Items listed in a dataset:
=== Begin Enclosure ===
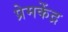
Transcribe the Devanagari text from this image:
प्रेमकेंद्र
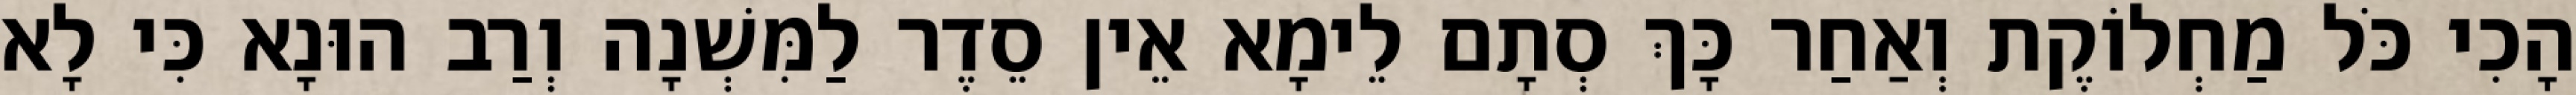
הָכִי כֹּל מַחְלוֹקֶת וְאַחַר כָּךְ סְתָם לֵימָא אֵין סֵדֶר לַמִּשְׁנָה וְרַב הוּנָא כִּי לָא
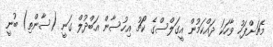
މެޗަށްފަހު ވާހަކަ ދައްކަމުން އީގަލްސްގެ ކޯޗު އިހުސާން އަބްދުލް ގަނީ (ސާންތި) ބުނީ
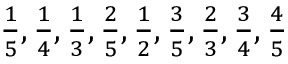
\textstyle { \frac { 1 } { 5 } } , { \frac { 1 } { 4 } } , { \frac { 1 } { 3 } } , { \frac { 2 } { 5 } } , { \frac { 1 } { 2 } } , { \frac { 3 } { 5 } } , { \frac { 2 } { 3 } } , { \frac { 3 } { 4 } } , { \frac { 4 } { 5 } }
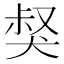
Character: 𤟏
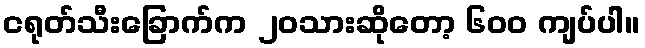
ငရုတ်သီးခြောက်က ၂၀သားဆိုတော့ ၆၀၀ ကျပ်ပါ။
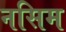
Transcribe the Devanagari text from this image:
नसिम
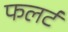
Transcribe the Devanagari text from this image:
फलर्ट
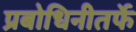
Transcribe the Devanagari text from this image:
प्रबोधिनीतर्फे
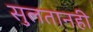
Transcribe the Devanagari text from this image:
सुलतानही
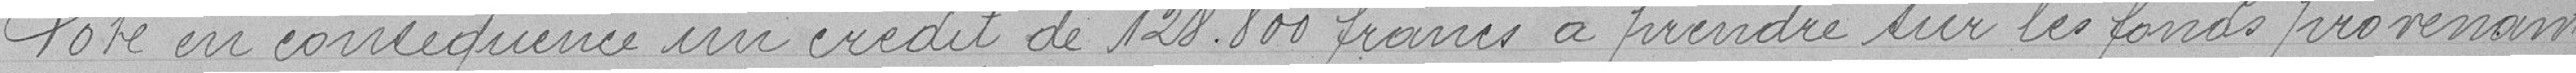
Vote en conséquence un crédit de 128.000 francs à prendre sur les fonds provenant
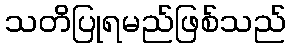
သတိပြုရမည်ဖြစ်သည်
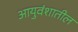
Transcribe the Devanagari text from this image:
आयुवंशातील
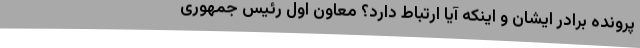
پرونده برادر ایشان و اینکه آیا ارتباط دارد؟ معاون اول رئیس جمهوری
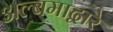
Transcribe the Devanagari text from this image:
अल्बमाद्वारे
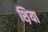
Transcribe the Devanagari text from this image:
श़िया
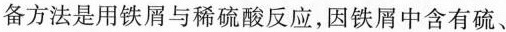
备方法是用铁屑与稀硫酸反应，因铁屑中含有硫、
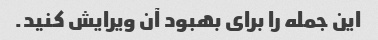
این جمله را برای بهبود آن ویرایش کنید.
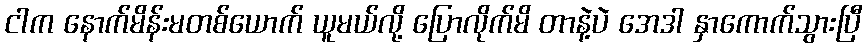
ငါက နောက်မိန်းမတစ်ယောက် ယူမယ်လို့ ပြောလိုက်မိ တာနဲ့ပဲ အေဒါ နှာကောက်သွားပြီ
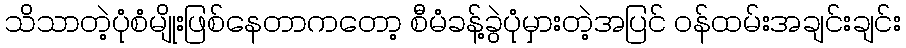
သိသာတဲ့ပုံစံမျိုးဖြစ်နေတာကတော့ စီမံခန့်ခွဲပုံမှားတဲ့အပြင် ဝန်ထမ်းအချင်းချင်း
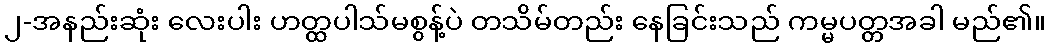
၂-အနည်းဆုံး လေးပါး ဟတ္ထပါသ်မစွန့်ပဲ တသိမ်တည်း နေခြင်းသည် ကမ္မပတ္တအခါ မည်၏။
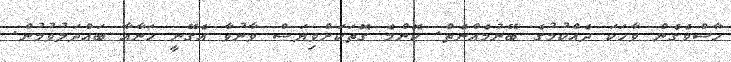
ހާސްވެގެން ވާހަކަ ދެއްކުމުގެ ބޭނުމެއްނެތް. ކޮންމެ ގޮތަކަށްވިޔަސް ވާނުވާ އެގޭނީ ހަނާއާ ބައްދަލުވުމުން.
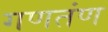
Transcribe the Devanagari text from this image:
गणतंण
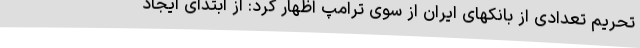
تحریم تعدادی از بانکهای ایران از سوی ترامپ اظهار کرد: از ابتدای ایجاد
=== End Enclosure ===
About this exercise: Each line of the data above needs to be retyped as it is, without any picture.

Written response:
Transcribe the Devanagari text from this image:
प्रेमकेंद्र
הָכִי כֹּל מַחְלוֹקֶת וְאַחַר כָּךְ סְתָם לֵימָא אֵין סֵדֶר לַמִּשְׁנָה וְרַב הוּנָא כִּי לָא
މެޗަށްފަހު ވާހަކަ ދައްކަމުން އީގަލްސްގެ ކޯޗު އިހުސާން އަބްދުލް ގަނީ (ސާންތި) ބުނީ
\textstyle { \frac { 1 } { 5 } } , { \frac { 1 } { 4 } } , { \frac { 1 } { 3 } } , { \frac { 2 } { 5 } } , { \frac { 1 } { 2 } } , { \frac { 3 } { 5 } } , { \frac { 2 } { 3 } } , { \frac { 3 } { 4 } } , { \frac { 4 } { 5 } }
Character: 𤟏
ငရုတ်သီးခြောက်က ၂၀သားဆိုတော့ ၆၀၀ ကျပ်ပါ။
Transcribe the Devanagari text from this image:
नसिम
Transcribe the Devanagari text from this image:
फलर्ट
Transcribe the Devanagari text from this image:
प्रबोधिनीतर्फे
Transcribe the Devanagari text from this image:
सुलतानही
Vote en conséquence un crédit de 128.000 francs à prendre sur les fonds provenant
သတိပြုရမည်ဖြစ်သည်
Transcribe the Devanagari text from this image:
आयुवंशातील
پرونده برادر ایشان و اینکه آیا ارتباط دارد؟ معاون اول رئیس جمهوری
Transcribe the Devanagari text from this image:
अल्बमाद्वारे
Transcribe the Devanagari text from this image:
श़िया
备方法是用铁屑与稀硫酸反应，因铁屑中含有硫、
این جمله را برای بهبود آن ویرایش کنید.
ငါက နောက်မိန်းမတစ်ယောက် ယူမယ်လို့ ပြောလိုက်မိ တာနဲ့ပဲ အေဒါ နှာကောက်သွားပြီ
သိသာတဲ့ပုံစံမျိုးဖြစ်နေတာကတော့ စီမံခန့်ခွဲပုံမှားတဲ့အပြင် ဝန်ထမ်းအချင်းချင်း
၂-အနည်းဆုံး လေးပါး ဟတ္ထပါသ်မစွန့်ပဲ တသိမ်တည်း နေခြင်းသည် ကမ္မပတ္တအခါ မည်၏။
ހާސްވެގެން ވާހަކަ ދެއްކުމުގެ ބޭނުމެއްނެތް. ކޮންމެ ގޮތަކަށްވިޔަސް ވާނުވާ އެގޭނީ ހަނާއާ ބައްދަލުވުމުން.
Transcribe the Devanagari text from this image:
गणतंण
تحریم تعدادی از بانکهای ایران از سوی ترامپ اظهار کرد: از ابتدای ایجاد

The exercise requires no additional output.